# [What is expected]
Some lines in the material below hold the word "Vraag". Copy all of them.

# [Data listing]
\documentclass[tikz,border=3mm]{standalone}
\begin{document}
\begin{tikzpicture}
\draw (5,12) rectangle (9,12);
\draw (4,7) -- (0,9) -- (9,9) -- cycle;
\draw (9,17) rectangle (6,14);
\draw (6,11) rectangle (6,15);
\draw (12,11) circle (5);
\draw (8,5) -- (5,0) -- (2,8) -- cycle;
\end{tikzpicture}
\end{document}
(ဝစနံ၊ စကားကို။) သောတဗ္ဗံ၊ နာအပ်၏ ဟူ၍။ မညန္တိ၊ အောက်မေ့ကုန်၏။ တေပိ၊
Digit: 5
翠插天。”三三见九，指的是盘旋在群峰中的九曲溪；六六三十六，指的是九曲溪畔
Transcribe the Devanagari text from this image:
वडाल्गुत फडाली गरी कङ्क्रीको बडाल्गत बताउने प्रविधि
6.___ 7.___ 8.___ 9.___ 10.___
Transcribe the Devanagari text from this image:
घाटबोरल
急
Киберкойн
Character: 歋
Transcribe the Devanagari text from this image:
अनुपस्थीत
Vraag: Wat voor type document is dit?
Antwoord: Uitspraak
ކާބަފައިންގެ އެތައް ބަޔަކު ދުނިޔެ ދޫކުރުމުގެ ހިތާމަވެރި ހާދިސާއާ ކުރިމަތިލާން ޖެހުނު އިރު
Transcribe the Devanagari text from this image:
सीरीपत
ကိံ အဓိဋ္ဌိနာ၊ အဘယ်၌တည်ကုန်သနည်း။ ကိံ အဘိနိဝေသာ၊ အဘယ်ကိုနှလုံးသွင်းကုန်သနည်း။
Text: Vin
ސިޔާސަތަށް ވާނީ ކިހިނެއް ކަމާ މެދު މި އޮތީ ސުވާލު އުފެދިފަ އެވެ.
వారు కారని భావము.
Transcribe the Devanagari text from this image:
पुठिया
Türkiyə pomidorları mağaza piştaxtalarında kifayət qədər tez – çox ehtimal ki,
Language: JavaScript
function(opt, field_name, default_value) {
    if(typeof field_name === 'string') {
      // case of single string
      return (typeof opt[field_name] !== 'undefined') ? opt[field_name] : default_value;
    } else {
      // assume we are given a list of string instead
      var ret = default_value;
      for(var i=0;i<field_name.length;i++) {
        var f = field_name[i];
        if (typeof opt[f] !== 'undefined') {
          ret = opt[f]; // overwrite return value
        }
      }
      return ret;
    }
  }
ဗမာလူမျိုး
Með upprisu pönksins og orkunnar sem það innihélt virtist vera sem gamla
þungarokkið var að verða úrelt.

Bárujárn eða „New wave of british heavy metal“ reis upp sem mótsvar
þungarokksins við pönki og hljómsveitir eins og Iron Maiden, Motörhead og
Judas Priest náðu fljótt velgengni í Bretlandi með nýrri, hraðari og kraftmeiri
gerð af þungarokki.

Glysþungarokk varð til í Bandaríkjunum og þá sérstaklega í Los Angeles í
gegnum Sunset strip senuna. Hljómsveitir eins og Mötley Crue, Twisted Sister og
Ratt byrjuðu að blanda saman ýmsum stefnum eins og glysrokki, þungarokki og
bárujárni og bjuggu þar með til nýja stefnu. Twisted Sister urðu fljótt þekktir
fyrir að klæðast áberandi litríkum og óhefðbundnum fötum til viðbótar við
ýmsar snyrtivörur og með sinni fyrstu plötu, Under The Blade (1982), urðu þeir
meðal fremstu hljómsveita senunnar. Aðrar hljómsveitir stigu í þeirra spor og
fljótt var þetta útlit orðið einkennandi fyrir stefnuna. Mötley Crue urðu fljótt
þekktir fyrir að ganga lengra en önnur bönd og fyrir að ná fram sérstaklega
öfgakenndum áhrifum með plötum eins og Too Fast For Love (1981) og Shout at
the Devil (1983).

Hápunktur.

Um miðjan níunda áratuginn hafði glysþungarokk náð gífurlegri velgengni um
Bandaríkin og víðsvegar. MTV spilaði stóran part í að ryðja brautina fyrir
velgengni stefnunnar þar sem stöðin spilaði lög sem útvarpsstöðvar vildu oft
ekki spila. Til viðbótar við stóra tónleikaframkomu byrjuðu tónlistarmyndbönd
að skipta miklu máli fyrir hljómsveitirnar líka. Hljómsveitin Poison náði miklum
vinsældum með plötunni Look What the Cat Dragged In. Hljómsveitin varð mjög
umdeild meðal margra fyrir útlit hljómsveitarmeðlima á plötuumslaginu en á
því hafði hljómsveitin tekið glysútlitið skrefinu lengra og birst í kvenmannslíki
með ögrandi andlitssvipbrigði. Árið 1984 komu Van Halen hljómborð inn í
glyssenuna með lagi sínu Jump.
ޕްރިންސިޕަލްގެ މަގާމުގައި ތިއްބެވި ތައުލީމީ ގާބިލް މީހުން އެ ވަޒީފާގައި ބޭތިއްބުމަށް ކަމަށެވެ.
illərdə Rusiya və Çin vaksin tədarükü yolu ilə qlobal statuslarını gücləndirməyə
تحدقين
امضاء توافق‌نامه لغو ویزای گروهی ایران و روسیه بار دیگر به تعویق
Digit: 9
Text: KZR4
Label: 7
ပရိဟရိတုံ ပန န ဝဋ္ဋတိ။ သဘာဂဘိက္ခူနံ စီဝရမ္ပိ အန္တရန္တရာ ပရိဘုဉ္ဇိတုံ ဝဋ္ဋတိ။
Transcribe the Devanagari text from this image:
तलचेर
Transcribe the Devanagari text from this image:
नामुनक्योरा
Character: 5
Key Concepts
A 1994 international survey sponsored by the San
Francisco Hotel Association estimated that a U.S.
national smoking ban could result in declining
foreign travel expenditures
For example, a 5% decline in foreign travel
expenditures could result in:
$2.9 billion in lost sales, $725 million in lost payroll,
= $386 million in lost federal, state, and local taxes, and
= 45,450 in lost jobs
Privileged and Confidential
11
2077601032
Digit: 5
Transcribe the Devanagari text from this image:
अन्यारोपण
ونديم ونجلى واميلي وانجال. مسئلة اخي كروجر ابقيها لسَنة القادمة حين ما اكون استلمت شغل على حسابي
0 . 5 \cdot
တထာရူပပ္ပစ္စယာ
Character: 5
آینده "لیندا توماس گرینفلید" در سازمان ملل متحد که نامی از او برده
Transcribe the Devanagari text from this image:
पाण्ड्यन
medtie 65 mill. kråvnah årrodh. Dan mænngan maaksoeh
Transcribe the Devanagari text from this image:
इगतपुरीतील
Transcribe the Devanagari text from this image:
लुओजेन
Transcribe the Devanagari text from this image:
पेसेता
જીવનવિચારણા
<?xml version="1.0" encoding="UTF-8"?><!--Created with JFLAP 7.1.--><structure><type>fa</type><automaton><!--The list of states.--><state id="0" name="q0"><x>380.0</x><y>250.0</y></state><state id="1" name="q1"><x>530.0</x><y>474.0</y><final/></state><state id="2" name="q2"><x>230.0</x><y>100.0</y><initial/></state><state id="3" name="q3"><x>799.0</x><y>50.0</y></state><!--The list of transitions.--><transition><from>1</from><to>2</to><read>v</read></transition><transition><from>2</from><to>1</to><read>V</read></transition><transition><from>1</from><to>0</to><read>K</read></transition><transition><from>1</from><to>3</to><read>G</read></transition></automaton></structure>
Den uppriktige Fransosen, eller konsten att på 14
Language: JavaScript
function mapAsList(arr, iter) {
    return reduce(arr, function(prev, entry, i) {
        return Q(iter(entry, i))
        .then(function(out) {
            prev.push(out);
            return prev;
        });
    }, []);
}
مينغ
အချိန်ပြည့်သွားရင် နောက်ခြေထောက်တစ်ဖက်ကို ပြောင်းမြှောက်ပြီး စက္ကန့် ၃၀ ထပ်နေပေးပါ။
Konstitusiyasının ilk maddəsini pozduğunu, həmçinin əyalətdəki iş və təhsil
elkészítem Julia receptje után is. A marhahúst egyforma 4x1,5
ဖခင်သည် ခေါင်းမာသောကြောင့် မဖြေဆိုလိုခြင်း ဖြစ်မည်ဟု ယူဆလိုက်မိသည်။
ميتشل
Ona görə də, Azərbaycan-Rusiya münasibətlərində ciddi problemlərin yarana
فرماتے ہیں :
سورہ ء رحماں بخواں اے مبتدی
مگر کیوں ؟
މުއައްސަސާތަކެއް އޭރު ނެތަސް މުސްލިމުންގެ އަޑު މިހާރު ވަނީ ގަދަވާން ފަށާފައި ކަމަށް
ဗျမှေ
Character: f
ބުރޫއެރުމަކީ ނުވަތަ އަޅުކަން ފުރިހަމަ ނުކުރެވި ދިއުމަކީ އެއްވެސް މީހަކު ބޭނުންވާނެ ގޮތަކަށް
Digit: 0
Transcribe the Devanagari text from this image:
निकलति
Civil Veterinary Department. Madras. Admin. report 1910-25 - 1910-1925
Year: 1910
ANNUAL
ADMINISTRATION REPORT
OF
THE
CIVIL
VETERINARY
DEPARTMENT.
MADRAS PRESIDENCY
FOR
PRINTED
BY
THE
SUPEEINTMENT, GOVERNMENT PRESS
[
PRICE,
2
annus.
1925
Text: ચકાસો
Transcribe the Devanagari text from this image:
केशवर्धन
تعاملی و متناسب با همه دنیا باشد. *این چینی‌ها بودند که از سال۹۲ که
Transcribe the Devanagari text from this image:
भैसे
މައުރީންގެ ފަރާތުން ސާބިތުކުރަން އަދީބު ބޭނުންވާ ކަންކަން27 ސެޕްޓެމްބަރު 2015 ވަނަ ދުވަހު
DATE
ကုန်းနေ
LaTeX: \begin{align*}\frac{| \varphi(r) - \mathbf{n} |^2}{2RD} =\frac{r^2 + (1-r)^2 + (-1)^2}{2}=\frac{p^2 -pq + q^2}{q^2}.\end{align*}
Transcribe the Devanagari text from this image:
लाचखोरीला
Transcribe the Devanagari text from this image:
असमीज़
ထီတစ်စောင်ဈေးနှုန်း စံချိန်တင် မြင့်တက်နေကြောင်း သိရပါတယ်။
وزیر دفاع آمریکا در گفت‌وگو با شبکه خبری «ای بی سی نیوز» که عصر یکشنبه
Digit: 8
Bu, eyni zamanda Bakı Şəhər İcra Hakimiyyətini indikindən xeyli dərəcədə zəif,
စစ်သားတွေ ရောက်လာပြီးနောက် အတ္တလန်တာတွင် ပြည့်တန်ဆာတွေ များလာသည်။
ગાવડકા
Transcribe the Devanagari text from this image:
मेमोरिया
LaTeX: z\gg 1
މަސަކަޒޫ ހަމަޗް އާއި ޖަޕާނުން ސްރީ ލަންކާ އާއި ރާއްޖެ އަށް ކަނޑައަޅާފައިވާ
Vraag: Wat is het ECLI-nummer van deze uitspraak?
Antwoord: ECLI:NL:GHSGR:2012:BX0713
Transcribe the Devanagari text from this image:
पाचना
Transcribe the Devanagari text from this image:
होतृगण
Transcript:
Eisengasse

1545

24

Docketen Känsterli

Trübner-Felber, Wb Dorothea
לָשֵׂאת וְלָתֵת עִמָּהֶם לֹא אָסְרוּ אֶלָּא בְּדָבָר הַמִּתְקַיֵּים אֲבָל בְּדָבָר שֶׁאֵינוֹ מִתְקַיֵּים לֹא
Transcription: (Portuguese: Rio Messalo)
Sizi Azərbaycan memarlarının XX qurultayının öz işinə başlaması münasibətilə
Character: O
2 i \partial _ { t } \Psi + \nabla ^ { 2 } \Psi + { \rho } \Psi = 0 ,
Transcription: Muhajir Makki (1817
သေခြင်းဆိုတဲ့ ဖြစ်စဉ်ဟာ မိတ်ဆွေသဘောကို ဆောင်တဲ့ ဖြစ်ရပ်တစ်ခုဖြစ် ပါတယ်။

# [Output of the exercise]
Vraag: Wat voor type document is dit?
Vraag: Wat is het ECLI-nummer van deze uitspraak?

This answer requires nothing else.